Tuesday (9th May) saw Britain’s fourth biggest mutual, Skipton Building Society, launch its 100 percent Track Record Mortgage to help the 4.6million households across England, who are privately renting, get onto the property ladder without a deposit.
This move marks the first 100 percent home loan exclusively for renters and has been described by some commentators as a “revolutionary” way to help those trapped in the rental cycle get on the property ladder.
The mortgage is open to first-time buyers who are currently renting and allows them to borrow up to 100 percent of the value of a property (subject to passing the lender’s affordability criteria).
Naturally, others are not very optimistic about this product, with some warning that it is not too dissimilar to the risky loans that contributed to the 2007-08 financial crash.
More negativity surrounding today’s property press includes the Halifax’s report that average UK house prices fell in April, by 0.3 percent month on month; threats of negative equity; Thursday’s rumoured interest rate increase; Purplebricks’ struggle; and, the fall in some housebuilders’ share prices.
Regardless of where you stand, a 100 percent mortgage is a facility that may allow people who rent to become homeowners.

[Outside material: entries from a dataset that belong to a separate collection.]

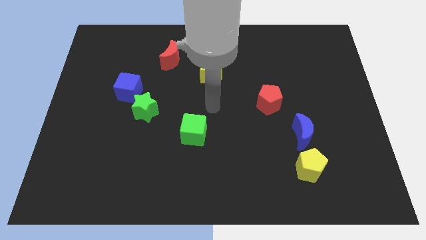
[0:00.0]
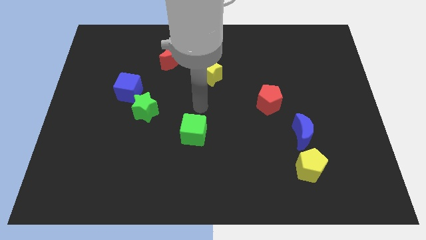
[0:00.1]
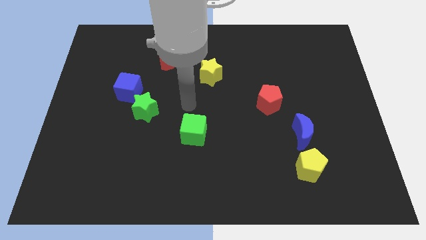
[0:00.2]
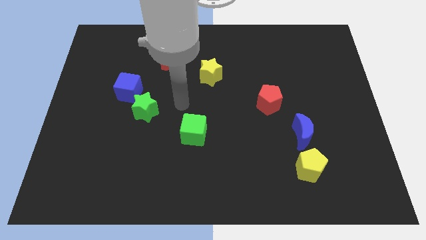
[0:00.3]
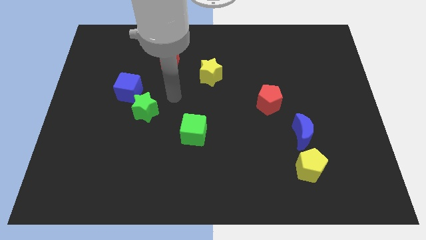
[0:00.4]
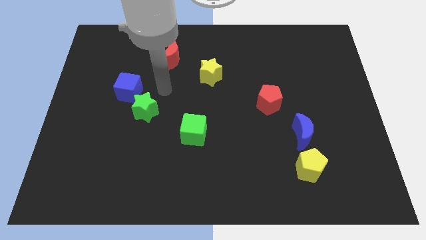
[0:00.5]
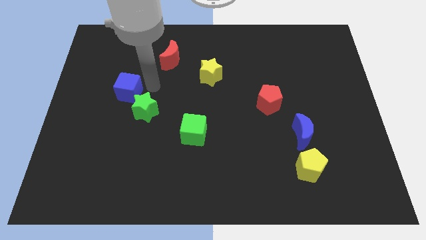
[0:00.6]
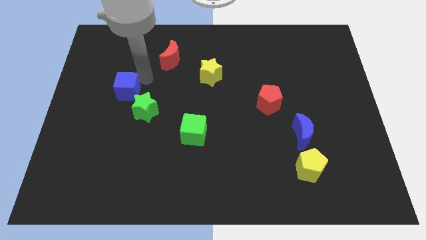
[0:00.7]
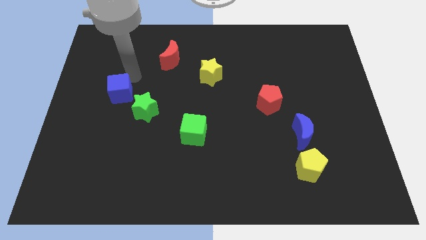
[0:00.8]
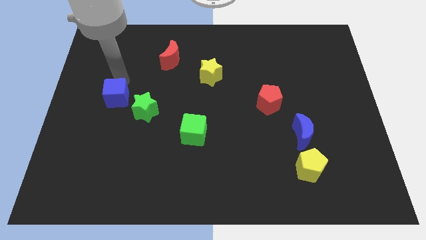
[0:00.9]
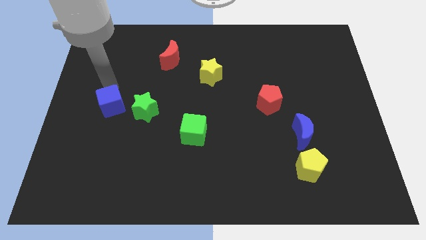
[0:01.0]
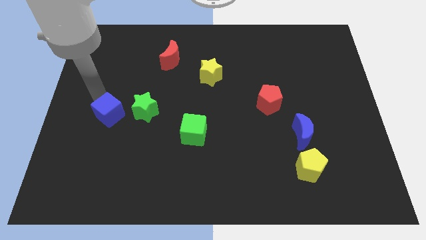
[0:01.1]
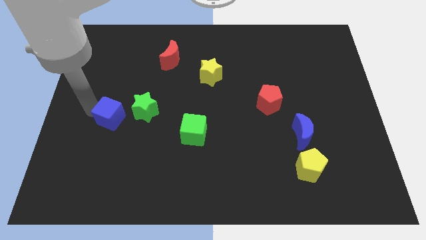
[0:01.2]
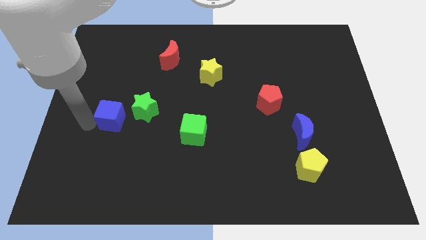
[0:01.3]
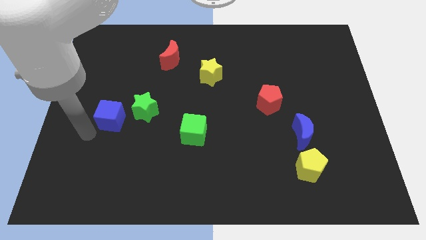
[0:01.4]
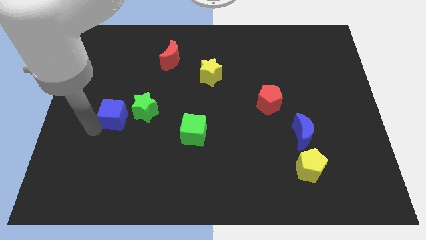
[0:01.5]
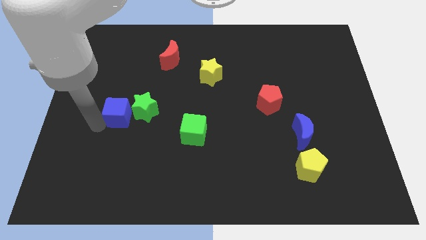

The number of private renters in England is currently double what it was in 2000 and 80 percent of tenants feel ‘trapped’ in renting, paying rents that are higher than a mortgage which then prevents them saving a deposit to buy their own home.
Skipton is addressing the barriers to homeownership with what is a solution to a problem.
The Building Society has recognised that there is a gap in the market for people who have a strong history of making rental payments over a period of time and can evidence affordability of a mortgage – but for whom there is currently no solution to buy a property due to lack of savings or access to the bank of mum and dad.
The threat of negativity equity is a big one as even a small fall in house prices could put those who sign up into negative equity, potentially trapping people in properties worth less than their mortgages.
It is important that borrowers understand why and how this product is different.
A ‘no-deposit’ mortgage was commonplace before 2008, at which point they were axed and tighter rules were introduced on who can get mortgages and how much they could borrow.
On reading about the mortgage, there are several obstacles that prospective homeowners need to overcome to qualify for the 100 percent deal.
For example, the monthly mortgage payment must be equal to or lower than the rent they are used to paying.
So, tenants paying an average of £1,000 a month over the last six months will have a maximum monthly mortgage payment of £1,000, and this will also determine the maximum amount that can be borrowed.
Standard mortgage affordability requirements must be met, applicants must be over the age of 21, and credit score checks must be passed in addition to evidence of a minimum of 12-months’ good track record rental history.
The mortgage is a longer-term product – a five-year fixed-rate deal – which is designed to mitigate volatility, and the 5.49 percent interest rate is pricier than the current average new five-year fixed-rate, which is about 5 percent.
The mortgage has a maximum term of 35 years and buyers will be able to borrow up to 4.49x their income up to a maximum total loan of £600,000.
There are other 100 percent mortgages on the market, however, these generally come with a requirement of a guarantor and are labelled ‘family assisted’ mortgages such as the Barclays Family Springboard mortgage.